Il reste toutefois optimiste, sachant que ces débats sont relancés dans le cadre de deux instances : 1) le groupe de suivi des Assises du Cinéma qui a placé la question de la transparence au cœur de ses réflexions ; les audits nombreux de l’Inspection générale des Finances, de la Cour des Comptes et des assemblées parlementaires devraient inciter les professionnels à essayer de trouver un compromis et d’aboutir enfin à un accord ; 2) la négociation sur la Convention collective dans laquelle les conditions de participation des techniciens et salariés vont être un axe central des discussions.

Pour sa part, le CNC doit se contenter de mener une mission de bons offices car il n’a pas statutairement de pouvoirs de contrôle sur les recettes commerciales d’exploitation des films, même s’il pourrait être envisageable à terme de pouvoir moduler le soutien en fonction de comportements, soit pour les encourager, soit pour les limiter.

Ces discussions professionnelles prennent également place dans un cadre européen strict et qui tend à vouloir rogner la spécificité dont bénéficie la culture en général et le cinéma en particulier.
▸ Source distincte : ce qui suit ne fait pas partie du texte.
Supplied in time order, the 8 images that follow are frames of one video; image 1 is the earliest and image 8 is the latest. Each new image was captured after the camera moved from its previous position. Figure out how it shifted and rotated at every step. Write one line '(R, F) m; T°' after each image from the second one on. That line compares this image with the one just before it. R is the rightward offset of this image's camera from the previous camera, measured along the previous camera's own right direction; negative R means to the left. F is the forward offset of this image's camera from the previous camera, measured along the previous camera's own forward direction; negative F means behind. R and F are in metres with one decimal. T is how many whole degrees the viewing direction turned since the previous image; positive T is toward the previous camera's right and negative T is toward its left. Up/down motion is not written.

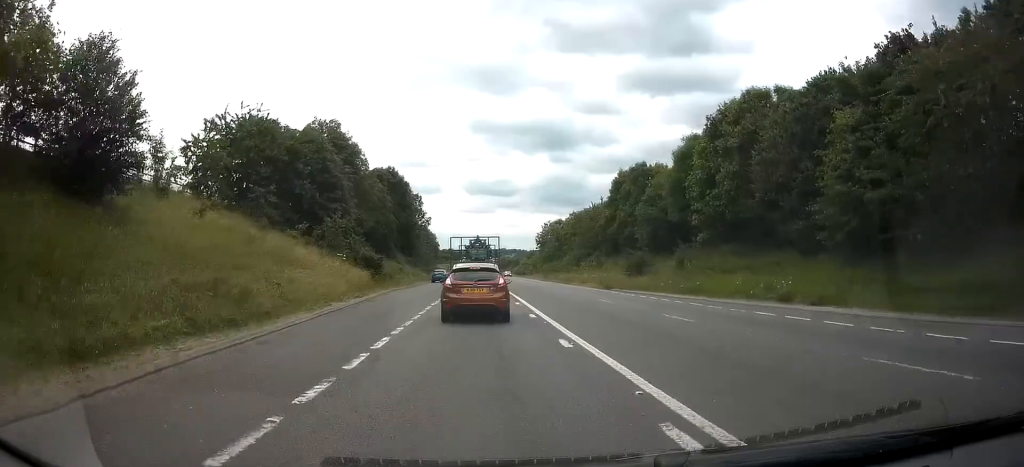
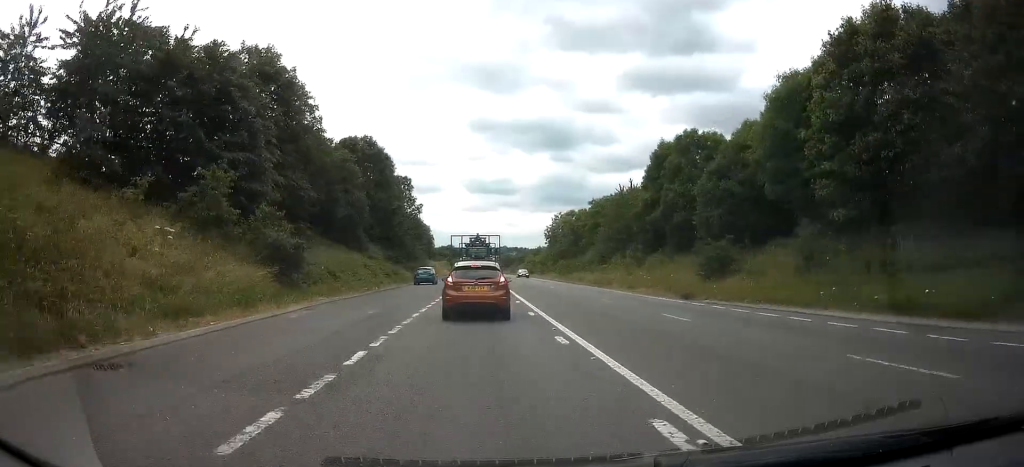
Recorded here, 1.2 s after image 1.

La Commission européenne a mis sur la table un projet de communication cinéma, qui permet de déterminer les critères de validité des aides au cinéma. Or, ce projet est aujourd’hui lourd de menaces, notamment sur la territorialisation des aides et la nécessité de justifier d’activités en France pour bénéficier des aides françaises : pour la Commission, une dépense française serait une quelconque dépense effectuée sur le territoire français, quelle que soit la nationalité du prestataire ou du droit applicable aux contrats de travail.
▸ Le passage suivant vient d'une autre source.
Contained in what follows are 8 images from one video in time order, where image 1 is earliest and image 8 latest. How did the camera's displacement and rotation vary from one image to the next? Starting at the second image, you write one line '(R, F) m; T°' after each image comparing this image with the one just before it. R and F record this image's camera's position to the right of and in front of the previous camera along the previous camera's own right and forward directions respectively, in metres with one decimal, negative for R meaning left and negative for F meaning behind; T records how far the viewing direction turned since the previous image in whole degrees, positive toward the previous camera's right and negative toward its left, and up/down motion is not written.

Les conditions qui sont aujourd’hui exigées seraient caduques : les sociétés ne devraient plus nécessairement être établies sur le territoire français, les contrats de travail ne devraient plus répondre aux exigences du droit français…

Cette nouvelle orientation obligerait à revoir complétement les conditions de l’agrément qui s’établissent actuellement autour d’un barème de 100 points. Au moins, 70 points seraient illégaux au regard de cette éventuelle réglementation européenne.

Olivier Wotling a profité également de sa présence pour faire un bilan du compte de soutien aux auteurs qui a été récemment mis en place. Cette aide, dotée d’un budget global de 800 000 €, permet aux auteurs d’un film agréé l’année précédente, avec un budget de moins de 4 millions d’€ et sans chaînes en clair à son financement (à l’exception d’ARTE), de pouvoir bénéficier l’année suivante d’une aide automatique de 10 000 €. Cette aide se fixe un objectif : permettre aux auteurs de ces films d’avoir du temps et de la liberté pour concevoir un nouveau projet de film avant de le soumettre à un producteur.

Au terme de la 3ème année d’exercice, chaque année, entre 40 et 50 films sont éligibles, soient environ 80-90 auteurs. L’an dernier, la moitié des auteurs éligibles ont fait valoir leurs droits. C’est un chiffre qui progresse tous les ans.

Enfin, Olivier Wotling est revenu sur l’avance sur recettes dont les fondamentaux n’ont pas évolué : les critères de cette commission sont toujours basés sur une évaluation et une anticipation artistique du projet. L’an dernier, 50 projets ont été aidés dans ce cadre, dont la moitié était des 1ers films.

Quelques évolutions notables néanmoins : depuis un an, pour les projets qui arrivent en plénière, la possibilité est donnée aux équipes d’être auditionnées pour leur permettre d’apporter des éléments d’information complémentaires.

Cette avancée prend place dans un contexte marqué par une forte dégradation des financements sur les 1ers films et une prépondérance encore accrue des aides publiques dans leur montage financier. Plus généralement, la production française semble à nouveau s’organiser autour d’une bipolarisation entre, d’un côté, des films très chers et, de l’autre, des films dont le budget est inférieur à 4 millions d’€. Ce sont désormais près de 50% des films qui peuvent être rangés dans cette dernière catégorie.